• REQUIREMENT
Once the pictures are set aside, retype the remaining entries exactly.

━━━━

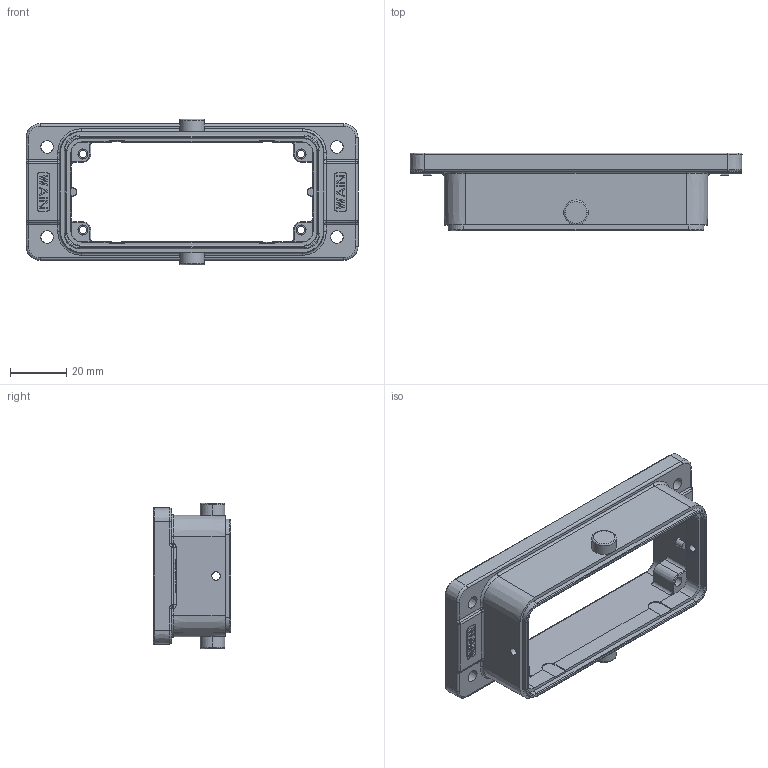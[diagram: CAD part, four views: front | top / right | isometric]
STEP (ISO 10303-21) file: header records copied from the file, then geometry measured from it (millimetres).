
FILE_DESCRIPTION((''),'2;1');
FILE_NAME('H16B-BK-2_2','2017-11-11T',('sy.ji'),(''),'PRO/ENGINEER BY PARAMETRIC TECHNOLOGY CORPORATION, 2014310','PRO/ENGINEER BY PARAMETRIC TECHNOLOGY CORPORATION, 2014310','');
FILE_SCHEMA(('CONFIG_CONTROL_DESIGN'));
Length unit declared in the file: millimetre
Products named in the file (1): H16B-BK-2_2
Bounding box: 117.99 x 27.5 x 51.75 mm (x, y, z)
Volume: 31028.5 mm3; surface area: 21119 mm2
Topology: 1 solids, 1 shells, 559 faces, 1480 edges, 906 vertices
Faces by surface type: plane 245, cylinder 138, cone 78, torus 44, sphere 44, bspline 10
Entity records: 17809 total; most frequent: CARTESIAN_POINT 3952, ORIENTED_EDGE 2872, DIRECTION 2856, EDGE_CURVE 1436, AXIS2_PLACEMENT_3D 1005, VERTEX_POINT 906, VECTOR 846, LINE 846
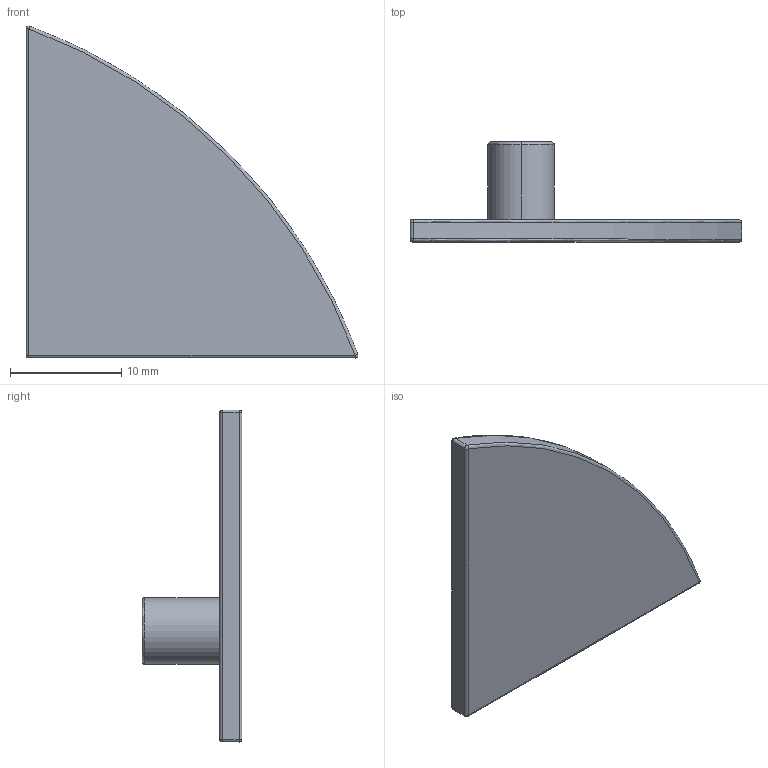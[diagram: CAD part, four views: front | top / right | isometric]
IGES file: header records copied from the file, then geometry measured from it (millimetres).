
Start section: SolidWorks IGES file using analytic representation for surfaces
Global section: file name: Capa de fechamento B40-80.IGS; native system: SolidWorks 2007; preprocessor: SolidWorks 2007; author: jean; date: 170216.132607; units: millimetre
Bounding box: 29.89 x 9 x 29.89 mm (x, y, z)
Surface area: 1628.8 mm2 (no closed solid volume)
Topology: 0 solids, 0 shells, 43 faces, 366 edges, 360 vertices
Faces by surface type: revolution 24, bspline 19

━━━━

• ANSWER SPACE
[diagram: CAD part, four views: front | top / right | isometric]
STEP (ISO 10303-21) file: header records copied from the file, then geometry measured from it (millimetres).
FILE_DESCRIPTION((''),'2;1');
FILE_NAME('H16B-BK-2_2','2017-11-11T',('sy.ji'),(''),'PRO/ENGINEER BY PARAMETRIC TECHNOLOGY CORPORATION, 2014310','PRO/ENGINEER BY PARAMETRIC TECHNOLOGY CORPORATION, 2014310','');
FILE_SCHEMA(('CONFIG_CONTROL_DESIGN'));
Length unit declared in the file: millimetre
Products named in the file (1): H16B-BK-2_2
Bounding box: 117.99 x 27.5 x 51.75 mm (x, y, z)
Volume: 31028.5 mm3; surface area: 21119 mm2
Topology: 1 solids, 1 shells, 559 faces, 1480 edges, 906 vertices
Faces by surface type: plane 245, cylinder 138, cone 78, torus 44, sphere 44, bspline 10
Entity records: 17809 total; most frequent: CARTESIAN_POINT 3952, ORIENTED_EDGE 2872, DIRECTION 2856, EDGE_CURVE 1436, AXIS2_PLACEMENT_3D 1005, VERTEX_POINT 906, VECTOR 846, LINE 846
[diagram: CAD part, four views: front | top / right | isometric]
IGES file: header records copied from the file, then geometry measured from it (millimetres).
Start section: SolidWorks IGES file using analytic representation for surfaces
Global section: file name: Capa de fechamento B40-80.IGS; native system: SolidWorks 2007; preprocessor: SolidWorks 2007; author: jean; date: 170216.132607; units: millimetre
Bounding box: 29.89 x 9 x 29.89 mm (x, y, z)
Surface area: 1628.8 mm2 (no closed solid volume)
Topology: 0 solids, 0 shells, 43 faces, 366 edges, 360 vertices
Faces by surface type: revolution 24, bspline 19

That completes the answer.